MVB to Charles Edward Dudley, 10 May 1820

MVB to Charles E[dward] Dudley, 10 May 1820

My dear friend,

I am under particular obligations to you for your friendly letters. As my evil genius would have it, I was taken quite unwell when the bad news from the West came pouring in upon us, and, though very sick, was obliged to keep my head up although fit only for the bed. I am now, however, quite recovered, and our friends here have recovered from their first panic and begin to estimate as they ought the extent of their triumph. I was much pleased with the tenor of your letter, it evincing increasing firmness and steadiness in proportion to the difficulties by which we are surrounded.
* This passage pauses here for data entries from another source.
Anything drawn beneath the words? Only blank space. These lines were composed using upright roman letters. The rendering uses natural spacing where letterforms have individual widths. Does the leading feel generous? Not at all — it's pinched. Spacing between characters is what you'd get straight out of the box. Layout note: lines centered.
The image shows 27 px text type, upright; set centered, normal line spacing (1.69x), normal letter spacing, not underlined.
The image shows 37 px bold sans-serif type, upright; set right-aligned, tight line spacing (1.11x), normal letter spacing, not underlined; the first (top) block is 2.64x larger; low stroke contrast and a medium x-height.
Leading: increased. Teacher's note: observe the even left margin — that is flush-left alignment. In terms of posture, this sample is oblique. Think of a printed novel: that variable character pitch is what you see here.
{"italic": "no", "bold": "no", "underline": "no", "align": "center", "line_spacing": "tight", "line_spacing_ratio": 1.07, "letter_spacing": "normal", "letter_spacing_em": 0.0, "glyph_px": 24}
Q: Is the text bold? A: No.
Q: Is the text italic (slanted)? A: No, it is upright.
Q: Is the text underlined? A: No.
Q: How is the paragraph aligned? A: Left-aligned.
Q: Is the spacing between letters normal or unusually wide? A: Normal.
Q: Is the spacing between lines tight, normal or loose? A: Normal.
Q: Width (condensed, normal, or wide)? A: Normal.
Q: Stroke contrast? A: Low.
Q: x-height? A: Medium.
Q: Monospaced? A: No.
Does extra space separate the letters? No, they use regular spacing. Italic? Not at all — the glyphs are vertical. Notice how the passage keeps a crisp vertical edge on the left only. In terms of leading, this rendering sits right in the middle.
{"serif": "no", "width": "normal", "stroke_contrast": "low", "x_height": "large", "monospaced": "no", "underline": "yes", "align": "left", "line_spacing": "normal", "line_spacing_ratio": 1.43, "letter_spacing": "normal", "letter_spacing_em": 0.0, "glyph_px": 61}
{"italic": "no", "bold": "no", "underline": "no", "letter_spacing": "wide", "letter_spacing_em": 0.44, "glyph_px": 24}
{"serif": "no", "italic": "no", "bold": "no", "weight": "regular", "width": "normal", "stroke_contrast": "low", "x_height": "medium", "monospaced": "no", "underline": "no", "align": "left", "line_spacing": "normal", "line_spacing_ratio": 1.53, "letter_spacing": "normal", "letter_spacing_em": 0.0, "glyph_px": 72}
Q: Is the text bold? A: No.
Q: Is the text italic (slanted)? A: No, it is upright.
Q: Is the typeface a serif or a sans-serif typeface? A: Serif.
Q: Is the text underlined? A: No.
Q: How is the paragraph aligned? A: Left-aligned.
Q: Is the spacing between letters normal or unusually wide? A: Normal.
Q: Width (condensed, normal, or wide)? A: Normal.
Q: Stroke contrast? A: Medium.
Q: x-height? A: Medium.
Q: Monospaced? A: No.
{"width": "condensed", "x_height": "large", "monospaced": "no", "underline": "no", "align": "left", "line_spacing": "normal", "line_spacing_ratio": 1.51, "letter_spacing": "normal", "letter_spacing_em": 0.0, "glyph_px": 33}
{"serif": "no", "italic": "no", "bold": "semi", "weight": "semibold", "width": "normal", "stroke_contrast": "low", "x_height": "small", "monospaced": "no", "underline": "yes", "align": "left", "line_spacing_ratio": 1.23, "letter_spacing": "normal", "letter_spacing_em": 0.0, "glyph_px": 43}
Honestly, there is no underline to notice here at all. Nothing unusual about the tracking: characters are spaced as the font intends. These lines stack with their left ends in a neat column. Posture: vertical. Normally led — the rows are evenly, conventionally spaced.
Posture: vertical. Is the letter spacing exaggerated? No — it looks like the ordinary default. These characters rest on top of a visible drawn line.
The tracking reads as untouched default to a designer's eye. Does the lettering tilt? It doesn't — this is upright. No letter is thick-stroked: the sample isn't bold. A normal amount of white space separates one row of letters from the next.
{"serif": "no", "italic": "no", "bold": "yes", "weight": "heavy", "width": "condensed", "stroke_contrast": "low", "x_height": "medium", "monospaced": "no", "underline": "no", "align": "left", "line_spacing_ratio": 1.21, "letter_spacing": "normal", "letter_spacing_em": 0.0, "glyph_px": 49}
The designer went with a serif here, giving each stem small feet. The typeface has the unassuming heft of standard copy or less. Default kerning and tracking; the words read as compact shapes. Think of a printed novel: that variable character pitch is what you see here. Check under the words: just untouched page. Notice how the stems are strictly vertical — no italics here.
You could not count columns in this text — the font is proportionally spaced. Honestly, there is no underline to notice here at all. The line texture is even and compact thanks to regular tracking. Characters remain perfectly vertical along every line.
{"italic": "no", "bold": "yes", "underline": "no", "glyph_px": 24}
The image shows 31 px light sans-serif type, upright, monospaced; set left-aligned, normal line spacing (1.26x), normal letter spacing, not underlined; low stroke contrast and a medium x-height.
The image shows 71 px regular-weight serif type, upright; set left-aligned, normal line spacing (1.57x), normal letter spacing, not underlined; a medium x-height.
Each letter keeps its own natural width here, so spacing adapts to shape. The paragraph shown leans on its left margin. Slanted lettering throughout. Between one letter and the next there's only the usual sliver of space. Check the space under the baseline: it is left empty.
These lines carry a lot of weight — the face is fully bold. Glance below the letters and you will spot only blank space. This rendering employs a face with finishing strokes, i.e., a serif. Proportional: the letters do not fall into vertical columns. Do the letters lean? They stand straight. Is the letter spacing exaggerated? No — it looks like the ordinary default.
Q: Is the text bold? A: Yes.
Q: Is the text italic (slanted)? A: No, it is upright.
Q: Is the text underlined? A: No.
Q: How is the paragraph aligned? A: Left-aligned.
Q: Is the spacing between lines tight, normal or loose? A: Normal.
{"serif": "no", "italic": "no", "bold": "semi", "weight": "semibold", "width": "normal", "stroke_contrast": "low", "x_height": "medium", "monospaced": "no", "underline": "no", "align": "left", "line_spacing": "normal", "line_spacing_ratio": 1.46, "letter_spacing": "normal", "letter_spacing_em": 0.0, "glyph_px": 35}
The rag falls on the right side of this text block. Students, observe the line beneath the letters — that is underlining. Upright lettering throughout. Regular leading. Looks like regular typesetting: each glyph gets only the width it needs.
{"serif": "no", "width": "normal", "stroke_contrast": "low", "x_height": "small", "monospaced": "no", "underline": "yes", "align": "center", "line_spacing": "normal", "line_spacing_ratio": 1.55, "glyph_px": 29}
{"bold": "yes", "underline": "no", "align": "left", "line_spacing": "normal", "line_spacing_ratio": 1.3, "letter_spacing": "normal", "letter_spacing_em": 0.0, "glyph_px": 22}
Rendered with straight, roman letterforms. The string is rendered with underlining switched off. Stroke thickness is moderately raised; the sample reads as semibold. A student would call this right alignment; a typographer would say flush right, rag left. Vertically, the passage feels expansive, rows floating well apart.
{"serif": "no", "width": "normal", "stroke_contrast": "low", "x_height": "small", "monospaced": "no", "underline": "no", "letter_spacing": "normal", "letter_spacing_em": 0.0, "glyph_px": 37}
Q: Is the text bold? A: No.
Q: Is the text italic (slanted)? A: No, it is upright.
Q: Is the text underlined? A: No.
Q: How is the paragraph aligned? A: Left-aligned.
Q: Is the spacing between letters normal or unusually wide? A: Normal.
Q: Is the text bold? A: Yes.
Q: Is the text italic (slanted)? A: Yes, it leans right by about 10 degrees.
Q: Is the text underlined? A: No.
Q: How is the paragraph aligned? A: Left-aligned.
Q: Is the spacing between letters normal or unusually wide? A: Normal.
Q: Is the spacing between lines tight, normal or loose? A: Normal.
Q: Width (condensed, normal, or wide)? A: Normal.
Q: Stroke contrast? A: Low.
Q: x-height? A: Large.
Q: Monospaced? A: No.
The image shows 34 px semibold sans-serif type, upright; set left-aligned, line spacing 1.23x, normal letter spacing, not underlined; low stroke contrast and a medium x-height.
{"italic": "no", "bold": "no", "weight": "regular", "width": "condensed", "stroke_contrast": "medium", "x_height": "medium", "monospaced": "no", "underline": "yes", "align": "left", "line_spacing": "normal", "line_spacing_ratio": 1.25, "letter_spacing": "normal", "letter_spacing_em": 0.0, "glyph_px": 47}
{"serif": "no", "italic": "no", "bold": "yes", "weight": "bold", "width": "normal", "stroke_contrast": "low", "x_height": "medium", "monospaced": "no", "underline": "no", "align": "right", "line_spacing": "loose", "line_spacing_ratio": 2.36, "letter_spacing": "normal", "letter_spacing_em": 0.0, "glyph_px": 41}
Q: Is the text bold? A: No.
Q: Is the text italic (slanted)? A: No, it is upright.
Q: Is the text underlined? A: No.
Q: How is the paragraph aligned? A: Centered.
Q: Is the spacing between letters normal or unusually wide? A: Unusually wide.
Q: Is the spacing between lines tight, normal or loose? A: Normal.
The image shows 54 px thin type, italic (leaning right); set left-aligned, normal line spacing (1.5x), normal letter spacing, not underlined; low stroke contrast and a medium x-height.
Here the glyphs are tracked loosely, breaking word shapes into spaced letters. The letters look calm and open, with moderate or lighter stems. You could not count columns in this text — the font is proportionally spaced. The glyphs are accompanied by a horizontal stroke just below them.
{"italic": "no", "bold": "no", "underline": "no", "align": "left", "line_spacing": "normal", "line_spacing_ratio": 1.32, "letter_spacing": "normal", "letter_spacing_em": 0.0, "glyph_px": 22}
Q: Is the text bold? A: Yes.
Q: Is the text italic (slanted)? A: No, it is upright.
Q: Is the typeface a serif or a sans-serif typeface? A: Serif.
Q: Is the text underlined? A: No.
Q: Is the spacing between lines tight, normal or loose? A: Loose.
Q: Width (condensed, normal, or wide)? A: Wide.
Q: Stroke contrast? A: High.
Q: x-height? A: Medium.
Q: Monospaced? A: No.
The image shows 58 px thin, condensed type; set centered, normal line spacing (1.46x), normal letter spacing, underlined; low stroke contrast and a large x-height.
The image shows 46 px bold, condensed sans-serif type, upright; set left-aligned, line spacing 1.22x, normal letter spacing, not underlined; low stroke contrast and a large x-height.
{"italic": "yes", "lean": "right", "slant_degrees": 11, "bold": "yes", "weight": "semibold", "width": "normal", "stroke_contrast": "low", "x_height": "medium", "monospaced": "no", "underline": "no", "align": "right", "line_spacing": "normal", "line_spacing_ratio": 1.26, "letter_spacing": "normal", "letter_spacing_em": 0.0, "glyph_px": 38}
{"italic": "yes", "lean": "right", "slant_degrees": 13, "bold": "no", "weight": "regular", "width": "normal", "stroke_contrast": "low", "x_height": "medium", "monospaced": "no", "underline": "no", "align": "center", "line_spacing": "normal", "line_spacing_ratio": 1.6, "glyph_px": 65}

With such feelings there can be no pains or even difficulties in politics. For myself, I think we never had better prospects for another campaign, and notwithstanding my anxiety to get back to my profession I shall enlist again. The Clintonians here are evidently depressed and think Mr. Clinton's success but a poor remuneration for their individual sacrifices. I am wholly at a loss to conceive whence the report of my appointment as minister originated, as I have never thought of it myself. Write me by the next boat. Shew this letter to J. King Esq. I would write him also, but am yet so weak that it is painful to me, and have nothing of importance to say. Tell Mr. Knower he must get my hat ready. Our friends here are pleased with the idea of making Van Derheyden Clerk. Make my best respects to Mrs. Dudley and Miss Sarah, and believe me to be

Affectionately your friend

M. V. Buren

I shall be up next week.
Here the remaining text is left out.